The "connection lost" message is something I'm still pondering. If I understand correctly, that is published if connection between the bridge and one(?) of the AirThings is lost (e.g. one of the AirThings ran out of battery). If that's the case, I'd recommend moving that to be a status under the device instead of a global level status. Just because you've lost connection to one device doesn't mean the bridge is malfunctioning nor that all devices have lost the connection. And if one device is down and another one is up and reporting, that status doesn't really tell the client which one is down, just that one or more is down.

So I would create a status or connectionStaus topic under each device and publish ONLINE/OFFLINE (or the messages of your choice) there. Then you can have the global level status just reflect the MQTT connection status, or only publish "connection lost" there if the connection to all the AirThings is lost, though even here I might choose a different topic and leave the status topic strictly reflect the MQTT connection status.

In my case my client is openHAB and I'm able to configure it to monitor the LWT topic and mark the devices as OFFLINE when it sees the OFFLINE message. But it's currently all or nothing because of the shared status topic. If each device had it's own status, I could use that instead to get down to the specific device and only mark that one malfunctioning one as offline. Since battery level isn't reported that can help me more quickly track down which device ran out. Then the bridge and other WavePlus devices would remain online, providing a lot more information.

Drolla commented 1 year ago

In branch "15-lwt-topic-should-be-retained", the status topic has been implemented in the following way:

I like your suggestion that we have multiple status topics, one for the bridge, and one for each connected Airthings devices, as also the way you handle the main status topic. So, this would be the the topic structure and status behavior:

What do you think about these specs, @rkoshak ?

rkoshak commented 1 year ago

So, this would be the the topic structure and status behavior:

I like this approach a lot. It lets us get more detailed information about what's online/offline. I assume all the messages are retained.
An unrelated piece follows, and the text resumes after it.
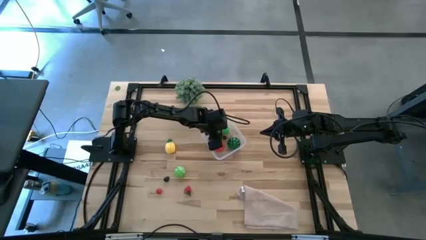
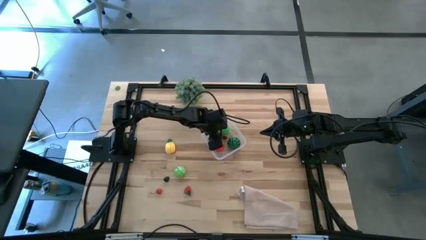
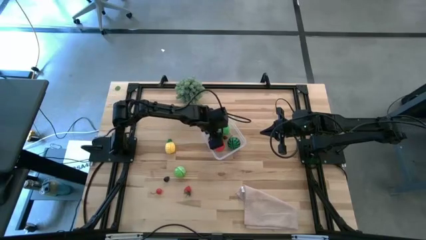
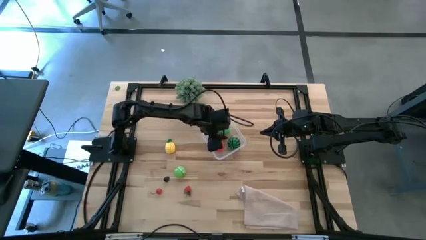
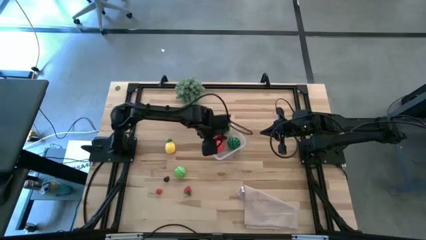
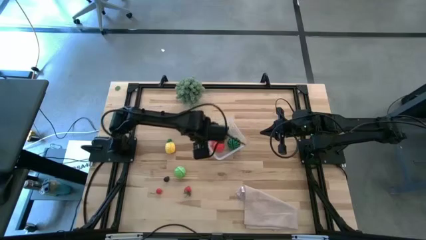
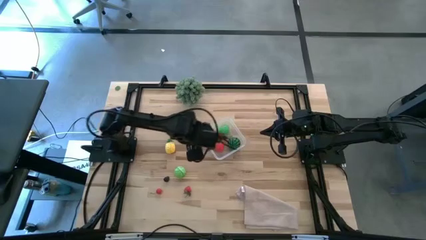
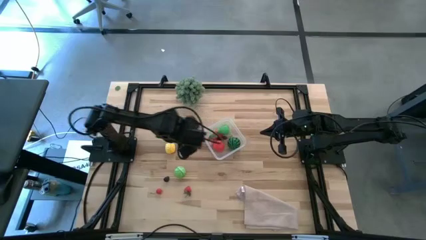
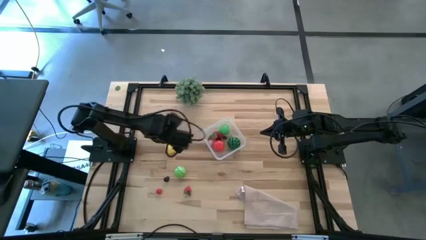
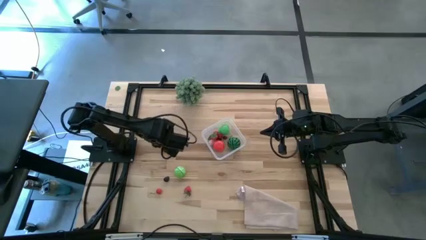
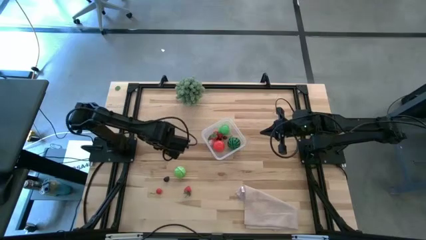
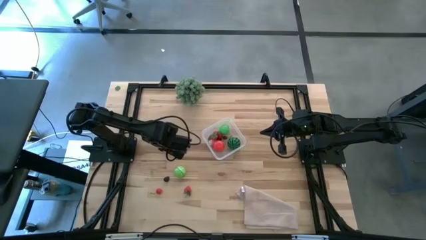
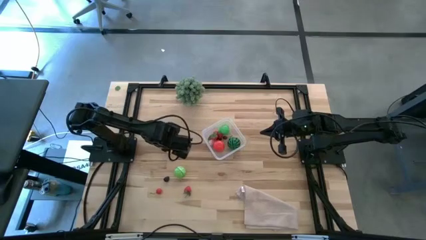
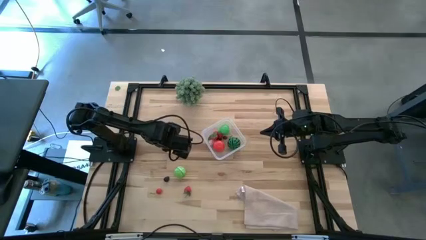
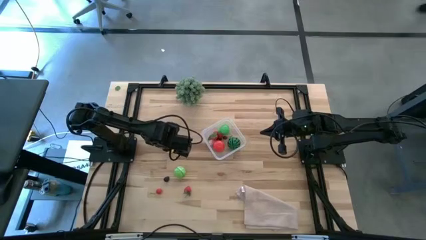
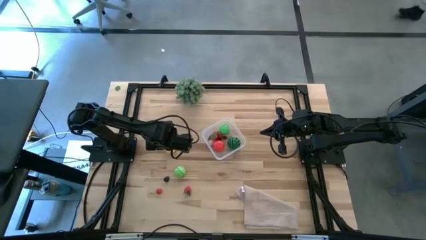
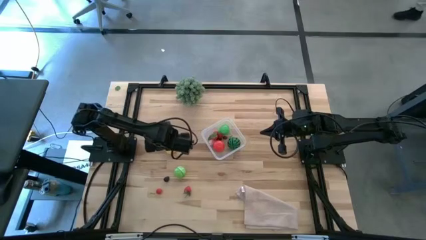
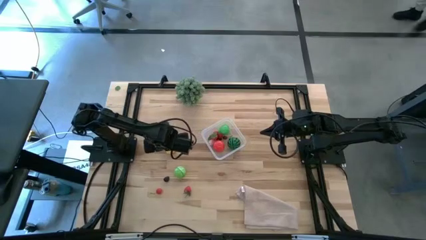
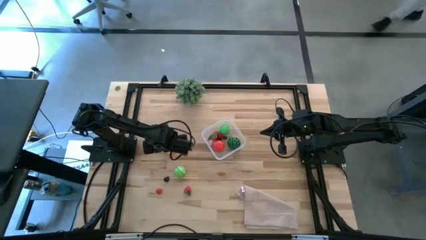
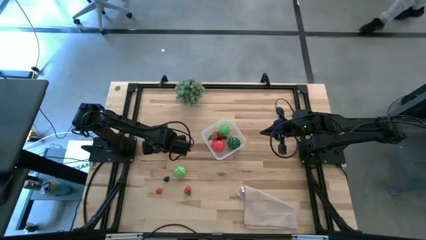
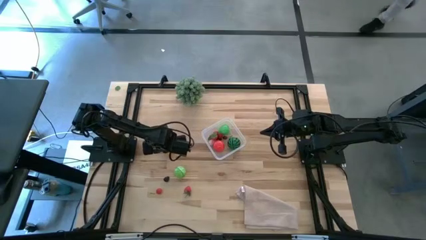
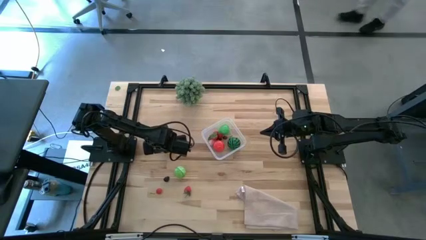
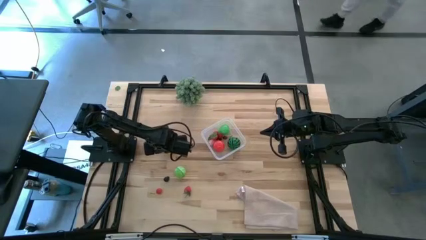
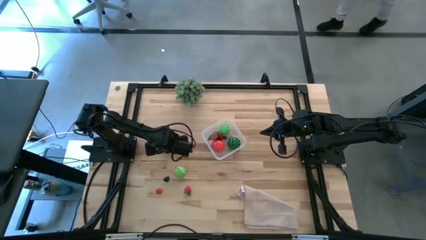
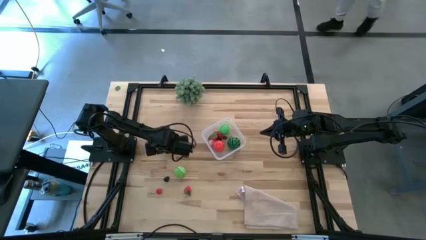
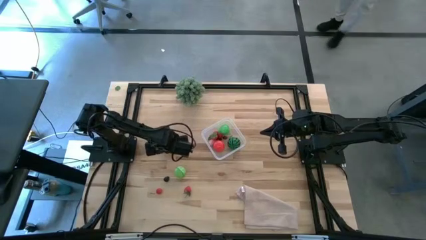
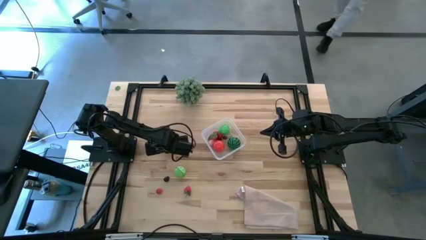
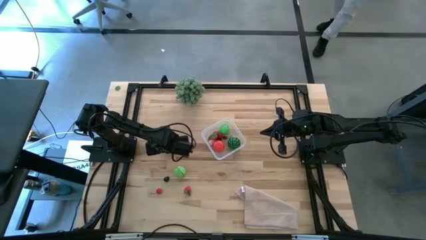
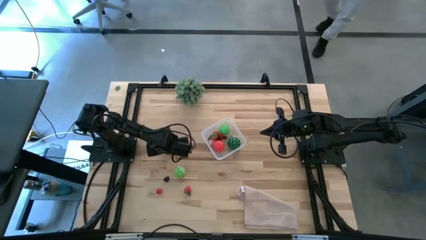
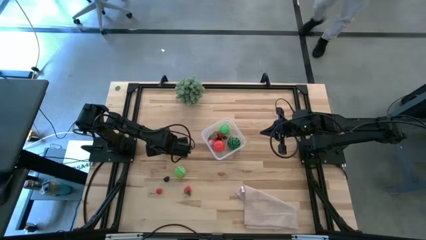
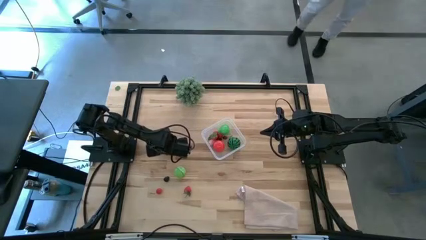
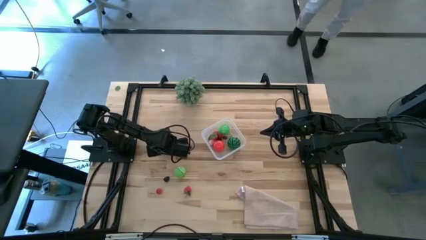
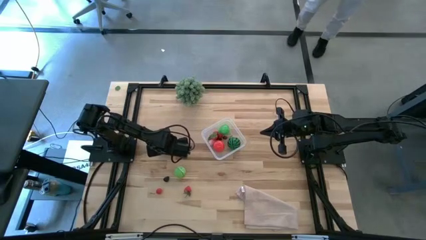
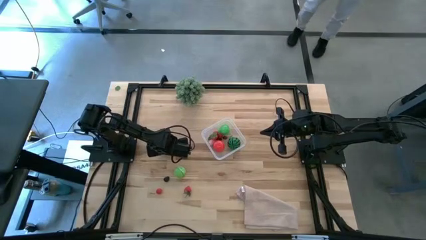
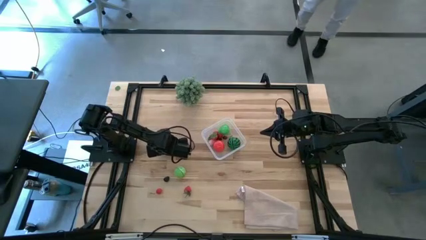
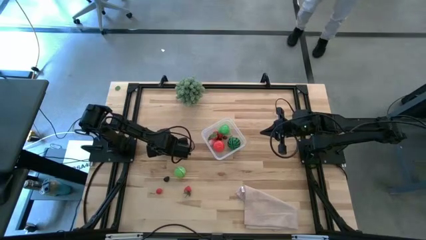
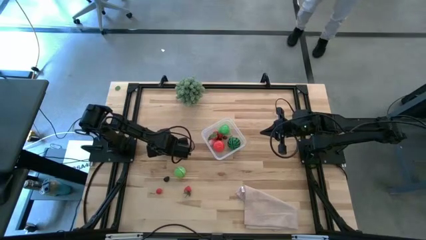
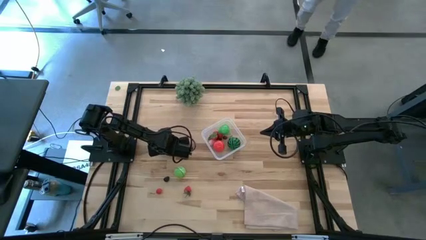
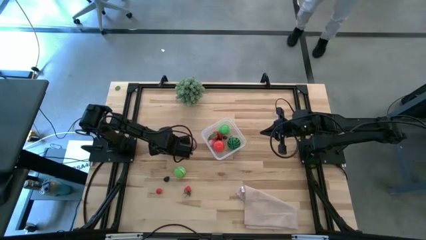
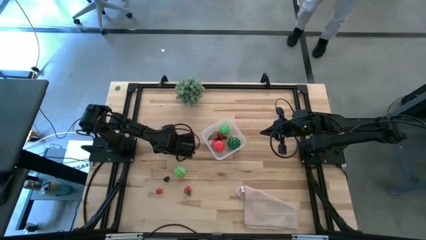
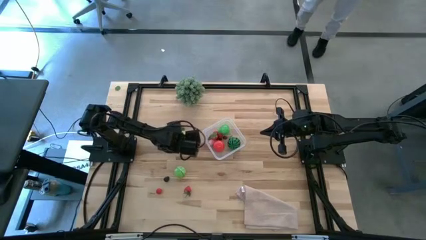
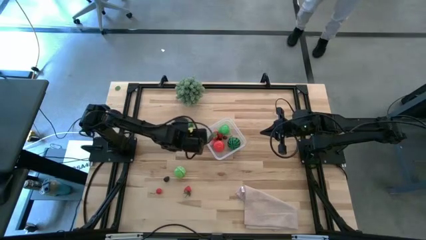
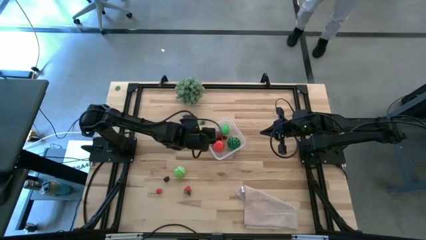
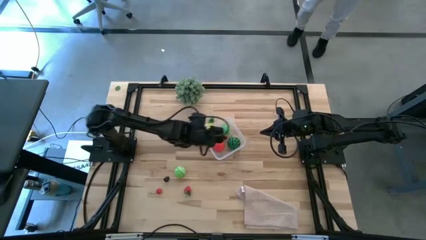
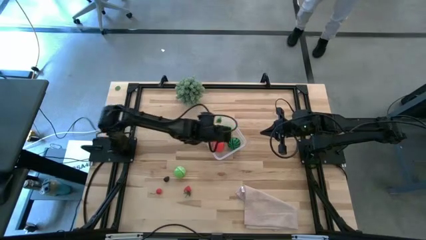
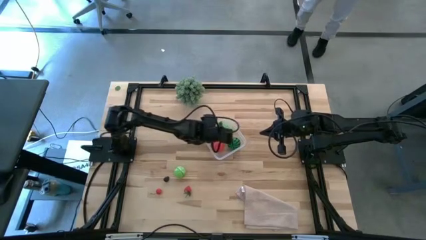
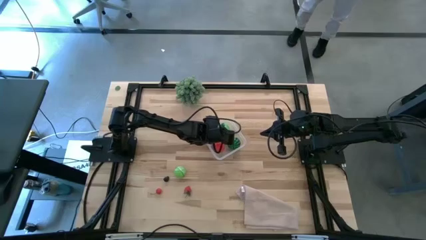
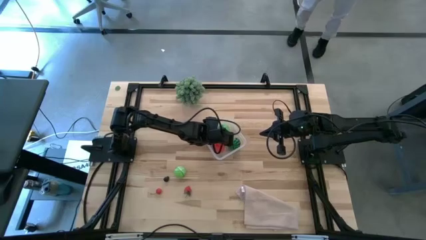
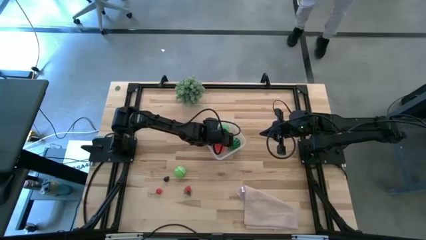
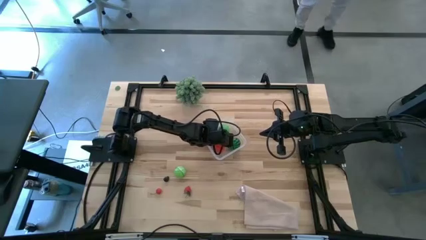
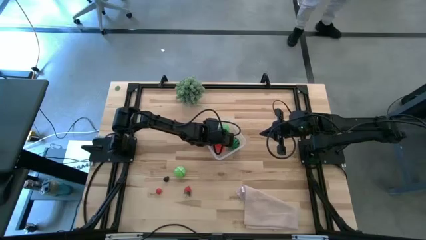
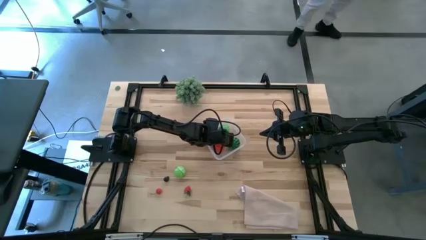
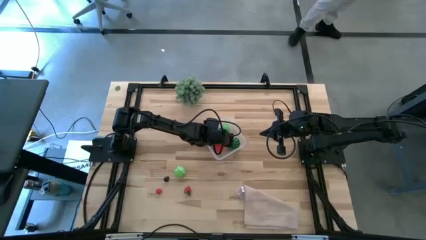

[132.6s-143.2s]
Task: Pick and placing Produce into tupperware
Put the yellow pineapple into the transparent bin

It would be a little more work, but looking at the logs the script recognizes when one of the Wave+ devices connections fails and it retries three times (I think that's configurable). Does the script retain that it successfully connected on the previous poll or does each poll start over anew with no prior knowledge of what happened before?

If the former, maybe only publish the online message that first time after connecting/reconnecting successfully. But I suspect the latter in which case publishing ONLINE every time is a nice compromise between adding a bunch of bookkeeping logic to the polling to keep track of when the last time a successful connection was made just so it can know when it needs to publish the online message.

Drolla commented 1 year ago

Each poll is performed independently. The connection status is not carried over from one poll to the next. So the Airthings device status is set each poll iteration. If the connection could be established and sensor data read, the the status is set to 'Online', otherwise to 'Offline'. The bridge status is just set once the bridge connects to the broker. Any messages (status, sensor data, and publish/update time) are retained. The code has been committed/pushed, using still the branch "15-lwt-topic-should-be-retained".

Drolla commented 1 year ago

The branch with the changes "15-lwt-topic-should-be-retained" has been merged into the master branch. Considering this improvement as completed.

rkoshak commented 1 year ago

Sorry for not getting a chance to test it out before merging it. I've been ill and of course work piled up. Thanks for making the changes! This will make using it much easier going forward.

Drolla commented 1 year ago

Don't worry - I wish you a rapid recovery! I appreciated your support and hope the changes are helpful for some users of this application.